United States District Court, S.D. Mississippi, Northern Division

December 29, 2014

SANDRA ATWOOD, ET AL., Defendants.


LINDA R. ANDERSON, Magistrate Judge.

Robert Carrier [hereinafter "Plaintiff"] filed a Complaint pursuant to 42 U.S.C. Section 1983 on July 2, 2013, naming as Defendants Judge Mike Smith, "USA, " Officer Atwood, Warden Grimes, Officer Mr. Tomas, Officer Ms. Tomas, and John Doe Warden of Parchman. Plaintiff is a convicted felon in the custody of the Mississippi Department of Corrections [MDOC] and housed at the East Mississippi Correctional Facility [EMCF]. By Memorandum Opinion and Order [9] filed December 2, 2013, the Court dismissed Judge Mike Smith, the United States, and MDOC from this case.

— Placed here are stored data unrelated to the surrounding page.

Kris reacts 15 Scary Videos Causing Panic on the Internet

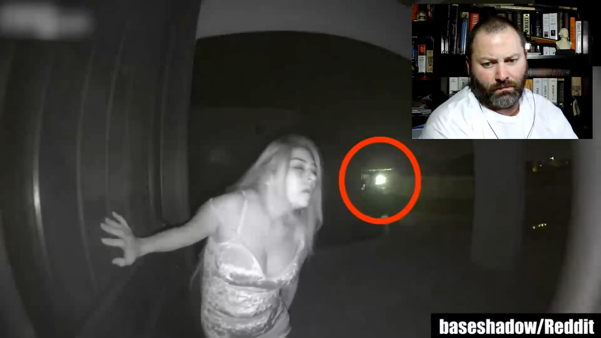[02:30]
pillar she tries once more to knock at the door and then she hides again
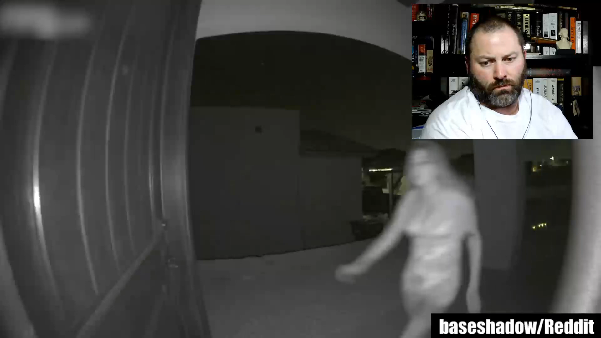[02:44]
after a time she leaves and it looks like a car is approaching but we don't know what happens next the redditor said
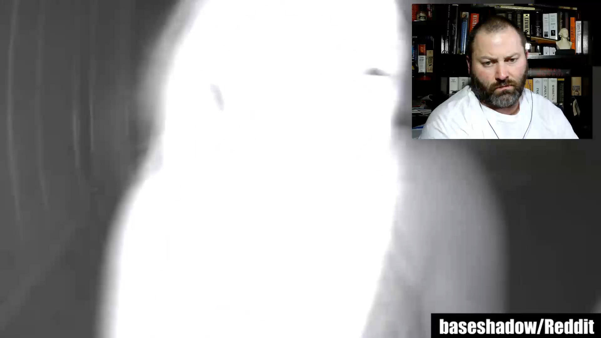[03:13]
they wanted to open the door but were afraid it was a setup and they would be robbed instead they called the police but aren't sure if they were able to locate her I hope she was able
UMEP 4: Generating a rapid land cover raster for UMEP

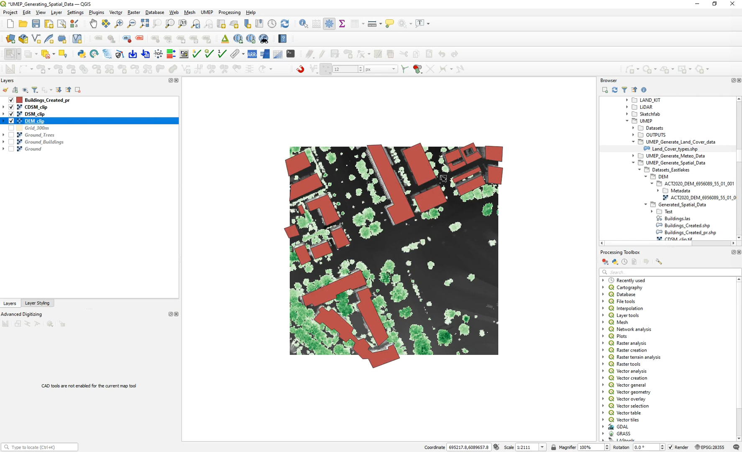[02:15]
These are useful in this case because these building footprints will give you will give us the first layer of information that we need for the LAN cover.
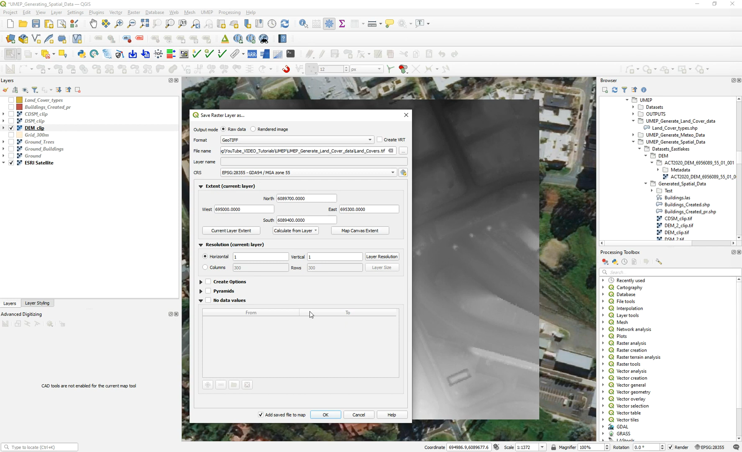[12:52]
Okay. So now this is our land covers. As you can see it's just the DEM but I'm using this to override the values with the land cover types. Okay. So the next step is just to go to the processing tools. You can turn it on here processing toolbox panel and we just click here and we just type rasterize.

Summonses were issued for Defendants Atwood, Mr. Tomas, Ms. Tomas, and Warden Grimes. All of the summonses were returned unexecuted on December 18, 2013, either because the Defendant was no longer employed at EMCF or because he or she could not be identified without first names.

Because Plaintiff is pro se, the undersigned was hesitant to recommend that his case be dismissed due to his failure to have process served without determining whether or not his case could go forward under 28 U.S.C. § 1915. Accordingly, the Court conducted an omnibus or Spears [1] hearing on November 4, 2014, in order to allow Plaintiff an opportunity to fully explain and augment the factual basis of his claims orally by giving sworn testimony regarding what he alleged in the written Complaint. After this hearing, and considering Plaintiff's sworn testimony, the written pleadings, as well as the applicable law, the undersigned recommends that Plaintiff's Complaint be dismissed for the reasons set forth herein below.

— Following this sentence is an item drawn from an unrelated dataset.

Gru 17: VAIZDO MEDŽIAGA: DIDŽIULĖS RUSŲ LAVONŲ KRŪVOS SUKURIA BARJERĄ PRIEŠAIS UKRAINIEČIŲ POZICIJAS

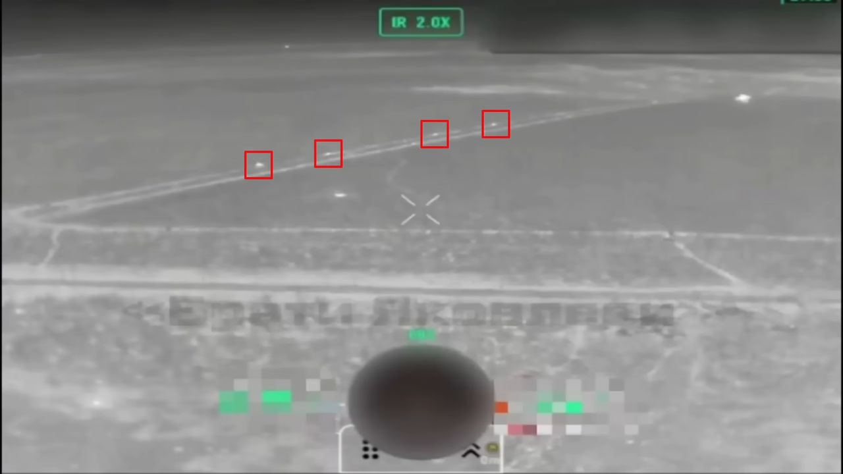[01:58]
Kai kurie šturmovienetai vis dar yra palaikomi šarvočių, tačiau rūsai daugiau nebenaldoja daug vienetu. Kėlių dienų senumų vaizdo įrašė matyti, kaip rūs įsiunčia 3-4 šarvotos kovos mašinas prie kontaktinis linijos, nes kolona yra maža ir sugeba pasiekti frontą. Tačiau, kadangi rūsai kiekvieną kartą naudoja tą pačią trajektoriją, Ukrainiečių artilerijos vienetai visuomet yra nukreipę savo ginklus iš juos maršrutus.
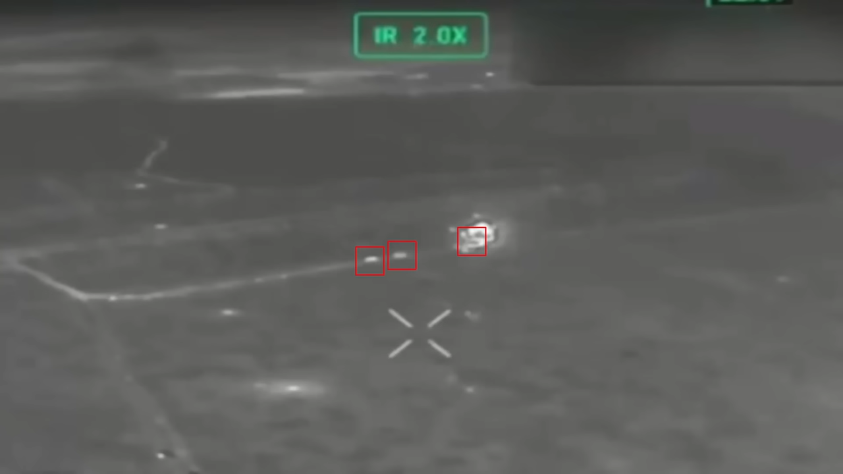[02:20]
Todėl vos tik rūsai įžingė iš į regioną, jie susidrisų pribloškinčią artilerijos ugnimi. Kai kurie rūsų kariai vis vien sugevėjo pasiekti medžių juostą ir pradėti kovą.

Plaintiff has not given the Court the full names of Defendants, or their current addresses, even though the Complaint was filed well over a year ago. It is the opinion of the undersigned that this case should be dismissed sua sponte for Plaintiff's failure to prosecute his case by not having caused process to be served within 120 days after the summonses were returned unexecuted.

FED. R. CIV. P.4(m) provides as follows:

(m) Time Limit for Service. If a defendant is not served within 120 days after the complaint is filed, the court - on motion or on its own after notice to the plaintiff- must dismiss the action without prejudice against that defendant or order that service be effected within a specified time. But if the plaintiff shows good cause for the failure, the court must extend the time for service for an appropriate period....

The time period for serving process originally expired at least by April 18, 2014, 120 days after process was returned unexecuted. The Court has not previously dismissed the case because prisoner plaintiffs are given great latitude in effecting process due to their incarceration. However, Plaintiff has been given a great deal of time and has not provided the Court with current address or the full names of the defendants he has named. This Court has no jurisdiction over these persons and has been unable to determine any addresses for service for these named Defendants. They are no longer employed by EMCF and the undersigned has been informed that they now reside in other states.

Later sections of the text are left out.